Этим летом на «36-й» я был только один раз, но кого там только не встретил. И бывшую одноклассницу, известного адвоката. И бывшего главного редактора некогда самой продвинутой газеты, которого я печатал еще в застойные времена, когда он не брезговал разной поденкой. И бывшего благодетеля всех знаменитых гастролеров девяностых годов, ныне главного дуайена российской культуры в Латвии. Такой концентрации знакомых лиц я не припомню даже на главных светских событиях прошлогоднего московского сезона. И хотя обидная приставка «экс» то и дело мелькала в разговорах, было понятно, что «бывшими» здесь никто себя не считает. Да и с какой стати?
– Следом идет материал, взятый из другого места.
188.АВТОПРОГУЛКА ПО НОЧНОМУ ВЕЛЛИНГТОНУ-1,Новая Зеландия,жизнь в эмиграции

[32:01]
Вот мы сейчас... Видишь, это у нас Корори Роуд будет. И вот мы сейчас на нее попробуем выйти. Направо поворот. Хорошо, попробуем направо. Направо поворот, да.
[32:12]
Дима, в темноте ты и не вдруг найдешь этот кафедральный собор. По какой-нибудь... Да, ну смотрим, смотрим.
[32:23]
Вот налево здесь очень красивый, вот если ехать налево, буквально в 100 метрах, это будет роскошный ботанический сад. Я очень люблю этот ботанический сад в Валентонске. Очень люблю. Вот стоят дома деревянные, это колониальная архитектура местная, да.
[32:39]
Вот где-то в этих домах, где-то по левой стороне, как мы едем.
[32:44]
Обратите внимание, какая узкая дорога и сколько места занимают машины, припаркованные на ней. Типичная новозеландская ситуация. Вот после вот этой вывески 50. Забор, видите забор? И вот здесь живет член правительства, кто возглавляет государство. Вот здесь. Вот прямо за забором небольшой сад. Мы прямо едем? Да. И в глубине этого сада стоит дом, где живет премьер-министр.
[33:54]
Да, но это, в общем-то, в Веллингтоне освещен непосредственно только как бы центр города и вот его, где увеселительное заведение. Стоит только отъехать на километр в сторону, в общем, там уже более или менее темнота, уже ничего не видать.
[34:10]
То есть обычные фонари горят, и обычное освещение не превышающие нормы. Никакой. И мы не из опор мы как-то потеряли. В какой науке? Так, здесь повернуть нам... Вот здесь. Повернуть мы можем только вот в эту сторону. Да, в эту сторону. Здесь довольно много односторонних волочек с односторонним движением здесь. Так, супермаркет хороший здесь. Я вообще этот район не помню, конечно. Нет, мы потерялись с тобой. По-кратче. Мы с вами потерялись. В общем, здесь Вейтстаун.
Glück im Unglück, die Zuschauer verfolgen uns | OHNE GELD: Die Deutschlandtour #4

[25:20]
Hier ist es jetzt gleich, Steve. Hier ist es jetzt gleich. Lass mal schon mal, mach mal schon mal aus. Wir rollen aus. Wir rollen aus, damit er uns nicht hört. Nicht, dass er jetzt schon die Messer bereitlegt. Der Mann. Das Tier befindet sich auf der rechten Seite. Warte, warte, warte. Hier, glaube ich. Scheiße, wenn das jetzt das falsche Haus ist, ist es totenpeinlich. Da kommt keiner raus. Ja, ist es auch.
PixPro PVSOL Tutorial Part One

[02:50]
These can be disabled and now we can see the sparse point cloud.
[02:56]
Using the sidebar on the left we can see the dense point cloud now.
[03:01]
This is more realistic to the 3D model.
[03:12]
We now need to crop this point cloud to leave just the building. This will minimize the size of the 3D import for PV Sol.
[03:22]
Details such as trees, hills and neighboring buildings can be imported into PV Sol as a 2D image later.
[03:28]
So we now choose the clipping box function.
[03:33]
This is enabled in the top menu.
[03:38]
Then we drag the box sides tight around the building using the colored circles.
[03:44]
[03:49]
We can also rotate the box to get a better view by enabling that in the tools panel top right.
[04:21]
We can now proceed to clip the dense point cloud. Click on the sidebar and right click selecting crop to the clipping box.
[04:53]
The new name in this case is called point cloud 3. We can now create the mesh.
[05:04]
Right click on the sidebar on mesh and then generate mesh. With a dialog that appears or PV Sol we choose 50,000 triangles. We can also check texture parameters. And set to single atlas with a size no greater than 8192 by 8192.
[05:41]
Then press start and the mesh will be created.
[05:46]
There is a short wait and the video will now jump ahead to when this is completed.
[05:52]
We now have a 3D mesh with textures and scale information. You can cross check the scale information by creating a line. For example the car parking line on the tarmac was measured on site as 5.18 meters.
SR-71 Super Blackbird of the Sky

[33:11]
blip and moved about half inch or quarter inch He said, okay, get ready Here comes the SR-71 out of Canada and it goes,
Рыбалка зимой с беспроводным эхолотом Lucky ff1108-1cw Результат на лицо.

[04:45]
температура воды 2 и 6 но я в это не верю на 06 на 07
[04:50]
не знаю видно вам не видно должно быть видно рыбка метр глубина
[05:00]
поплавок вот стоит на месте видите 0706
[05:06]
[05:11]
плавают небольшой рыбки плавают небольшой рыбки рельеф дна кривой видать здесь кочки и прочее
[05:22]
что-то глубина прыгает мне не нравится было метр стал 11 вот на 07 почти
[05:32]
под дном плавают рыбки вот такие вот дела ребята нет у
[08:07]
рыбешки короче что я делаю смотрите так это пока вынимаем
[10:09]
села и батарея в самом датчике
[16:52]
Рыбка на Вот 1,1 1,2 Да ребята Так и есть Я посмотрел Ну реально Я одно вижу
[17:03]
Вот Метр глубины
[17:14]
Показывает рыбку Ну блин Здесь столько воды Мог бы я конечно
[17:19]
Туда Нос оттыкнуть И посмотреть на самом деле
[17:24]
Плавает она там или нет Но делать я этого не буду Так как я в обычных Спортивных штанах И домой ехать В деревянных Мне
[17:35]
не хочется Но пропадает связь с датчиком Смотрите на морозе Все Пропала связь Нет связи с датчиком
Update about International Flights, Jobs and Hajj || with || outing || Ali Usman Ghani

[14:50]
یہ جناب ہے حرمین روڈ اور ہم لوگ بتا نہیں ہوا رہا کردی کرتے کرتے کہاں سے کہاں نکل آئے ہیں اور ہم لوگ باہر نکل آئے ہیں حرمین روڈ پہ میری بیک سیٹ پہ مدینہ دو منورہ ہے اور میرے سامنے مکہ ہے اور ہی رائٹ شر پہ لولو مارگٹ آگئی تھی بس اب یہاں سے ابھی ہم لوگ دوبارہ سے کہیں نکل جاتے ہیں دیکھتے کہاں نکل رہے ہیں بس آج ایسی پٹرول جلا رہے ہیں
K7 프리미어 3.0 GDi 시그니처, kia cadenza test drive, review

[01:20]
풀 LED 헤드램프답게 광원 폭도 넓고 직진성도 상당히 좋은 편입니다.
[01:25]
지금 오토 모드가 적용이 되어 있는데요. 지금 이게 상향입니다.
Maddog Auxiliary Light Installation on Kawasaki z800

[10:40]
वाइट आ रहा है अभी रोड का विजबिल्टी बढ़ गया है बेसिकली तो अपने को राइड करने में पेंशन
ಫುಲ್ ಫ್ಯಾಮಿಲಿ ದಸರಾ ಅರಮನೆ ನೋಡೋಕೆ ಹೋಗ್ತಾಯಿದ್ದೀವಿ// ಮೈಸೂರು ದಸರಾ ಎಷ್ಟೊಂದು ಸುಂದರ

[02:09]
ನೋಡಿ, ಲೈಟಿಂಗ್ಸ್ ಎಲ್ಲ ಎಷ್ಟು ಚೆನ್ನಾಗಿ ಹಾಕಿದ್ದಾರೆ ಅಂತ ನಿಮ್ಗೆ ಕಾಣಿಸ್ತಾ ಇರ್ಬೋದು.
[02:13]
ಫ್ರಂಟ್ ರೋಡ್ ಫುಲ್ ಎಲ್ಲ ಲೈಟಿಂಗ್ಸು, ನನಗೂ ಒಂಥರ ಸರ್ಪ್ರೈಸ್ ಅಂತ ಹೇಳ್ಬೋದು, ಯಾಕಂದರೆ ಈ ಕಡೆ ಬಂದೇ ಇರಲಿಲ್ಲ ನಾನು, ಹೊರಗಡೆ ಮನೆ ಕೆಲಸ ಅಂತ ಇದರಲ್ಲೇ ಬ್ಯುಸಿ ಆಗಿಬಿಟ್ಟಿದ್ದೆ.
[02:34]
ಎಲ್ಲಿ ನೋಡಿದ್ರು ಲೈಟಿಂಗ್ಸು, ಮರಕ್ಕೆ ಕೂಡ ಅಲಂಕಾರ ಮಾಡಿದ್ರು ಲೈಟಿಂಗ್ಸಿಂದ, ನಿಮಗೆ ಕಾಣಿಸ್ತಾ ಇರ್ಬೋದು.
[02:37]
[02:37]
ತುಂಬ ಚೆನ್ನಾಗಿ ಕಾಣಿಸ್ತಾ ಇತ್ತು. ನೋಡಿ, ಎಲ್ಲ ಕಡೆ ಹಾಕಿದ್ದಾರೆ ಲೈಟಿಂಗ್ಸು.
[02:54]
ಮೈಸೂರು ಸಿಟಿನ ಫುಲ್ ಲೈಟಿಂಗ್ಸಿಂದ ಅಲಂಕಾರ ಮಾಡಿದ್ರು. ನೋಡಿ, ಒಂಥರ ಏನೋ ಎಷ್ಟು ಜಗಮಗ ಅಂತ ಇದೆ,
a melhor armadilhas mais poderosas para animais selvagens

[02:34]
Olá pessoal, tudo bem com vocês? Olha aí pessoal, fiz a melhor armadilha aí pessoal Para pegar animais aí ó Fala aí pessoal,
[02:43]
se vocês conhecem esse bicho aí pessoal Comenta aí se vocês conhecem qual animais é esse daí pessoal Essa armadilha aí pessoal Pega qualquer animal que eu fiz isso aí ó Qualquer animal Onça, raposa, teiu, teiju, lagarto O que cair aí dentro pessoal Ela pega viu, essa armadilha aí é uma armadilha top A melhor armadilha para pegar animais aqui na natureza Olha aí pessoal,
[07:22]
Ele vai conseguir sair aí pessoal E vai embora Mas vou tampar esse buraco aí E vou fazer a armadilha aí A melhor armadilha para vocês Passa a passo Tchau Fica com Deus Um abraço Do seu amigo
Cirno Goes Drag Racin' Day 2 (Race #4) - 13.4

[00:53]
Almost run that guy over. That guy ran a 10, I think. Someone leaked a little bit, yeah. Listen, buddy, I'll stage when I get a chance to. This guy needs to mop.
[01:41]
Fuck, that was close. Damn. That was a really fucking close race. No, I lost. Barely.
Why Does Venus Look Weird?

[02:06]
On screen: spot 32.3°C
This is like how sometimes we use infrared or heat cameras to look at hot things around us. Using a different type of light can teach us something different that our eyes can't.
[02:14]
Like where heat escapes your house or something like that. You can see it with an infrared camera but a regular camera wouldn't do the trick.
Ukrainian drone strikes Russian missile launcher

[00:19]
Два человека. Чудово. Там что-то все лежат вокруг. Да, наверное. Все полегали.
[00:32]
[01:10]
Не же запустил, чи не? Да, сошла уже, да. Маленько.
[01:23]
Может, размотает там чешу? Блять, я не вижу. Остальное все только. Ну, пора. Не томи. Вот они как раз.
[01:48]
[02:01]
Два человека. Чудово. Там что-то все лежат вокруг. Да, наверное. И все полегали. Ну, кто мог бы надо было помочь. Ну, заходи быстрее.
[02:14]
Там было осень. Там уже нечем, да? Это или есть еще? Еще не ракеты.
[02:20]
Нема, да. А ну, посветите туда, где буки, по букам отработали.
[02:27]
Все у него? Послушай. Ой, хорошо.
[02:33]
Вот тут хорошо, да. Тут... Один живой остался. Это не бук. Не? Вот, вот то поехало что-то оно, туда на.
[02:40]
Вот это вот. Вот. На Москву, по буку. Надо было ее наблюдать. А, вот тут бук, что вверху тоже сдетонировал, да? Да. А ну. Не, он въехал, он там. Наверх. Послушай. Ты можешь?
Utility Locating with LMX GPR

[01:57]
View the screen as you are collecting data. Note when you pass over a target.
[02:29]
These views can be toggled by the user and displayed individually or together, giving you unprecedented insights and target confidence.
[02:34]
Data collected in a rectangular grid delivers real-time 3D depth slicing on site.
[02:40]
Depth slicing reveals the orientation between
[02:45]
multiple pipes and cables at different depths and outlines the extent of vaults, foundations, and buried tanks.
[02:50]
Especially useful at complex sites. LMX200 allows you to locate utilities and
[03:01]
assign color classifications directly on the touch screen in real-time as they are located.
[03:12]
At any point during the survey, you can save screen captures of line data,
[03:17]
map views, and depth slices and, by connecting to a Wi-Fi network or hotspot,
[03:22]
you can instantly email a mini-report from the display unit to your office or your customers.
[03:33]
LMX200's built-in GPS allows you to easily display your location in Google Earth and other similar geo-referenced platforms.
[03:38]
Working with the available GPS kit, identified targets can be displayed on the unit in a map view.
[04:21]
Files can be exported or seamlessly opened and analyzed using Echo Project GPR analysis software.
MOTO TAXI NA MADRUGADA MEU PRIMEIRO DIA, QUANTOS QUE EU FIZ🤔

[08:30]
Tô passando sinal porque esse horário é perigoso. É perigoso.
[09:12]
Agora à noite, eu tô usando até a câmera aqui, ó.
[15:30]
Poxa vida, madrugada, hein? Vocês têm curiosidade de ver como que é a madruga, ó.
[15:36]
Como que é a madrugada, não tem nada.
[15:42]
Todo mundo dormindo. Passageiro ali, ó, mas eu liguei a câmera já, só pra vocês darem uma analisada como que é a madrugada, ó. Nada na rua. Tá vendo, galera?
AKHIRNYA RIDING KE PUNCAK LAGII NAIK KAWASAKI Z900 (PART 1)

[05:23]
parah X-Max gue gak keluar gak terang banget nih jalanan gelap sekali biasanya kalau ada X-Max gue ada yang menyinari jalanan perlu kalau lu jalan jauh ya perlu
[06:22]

Просто если жизнь сама затевает смену декораций, у тебя не остается другого выхода, как подчиниться ее режиссуре и постараться не прозевать свой выход. Каждый его представляет по-разному: кто-то планирует здесь просто пересидеть, пока не отменят санкции или не закроют судебные дела, кто-то надеется наладить новый бизнес в расчете на деньги оппозиционных олигархов или каких-то мифических европейских фондов. Кто-то хочет дописать давно начатый роман или снять кино, непредставимое в нынешних российских условиях.

Фото: Janis Krumins
Фото: Janis Krumins

То и дело в разговорах мелькают знакомые имена: Константин Богомолов, Дарья Мороз, Кирилл Серебренников, Валерий Манский, Галина Тимченко, Леонид Ярмольник, Михаил Ефремов, Алиса Хазанова… Они все здесь. Пока это не эмиграция. Просто ВНЖ. У кого-то контракт, у кого-то бизнес, у кого-то квартира в Риге, а кто-то, как Чулпан Хаматова, мечтает о своем доме в совершенно райском месте, среди заливных лугов и озер Цесиса, что в девяноста километрах от Риги. Я видел картинки этого заповедника, где дома строятся с таким расчетом, что из твоих окон даже не видно соседских крыш. Красота, тишина, покой… Собственно, вот зачем наши люди и рвутся в Латвию. Моя приятельница купила хутор за какие-то вполне вменяемые деньги. У нее там собаки, куры, гектар леса. Она мотается туда-сюда на велосипеде. Купается в ледяном озере и помолодела на пятнадцать лет. А в Москве она чахла над айпэдом, не вылезала из депрессий и могла говорить только о Путине и столичных пробках.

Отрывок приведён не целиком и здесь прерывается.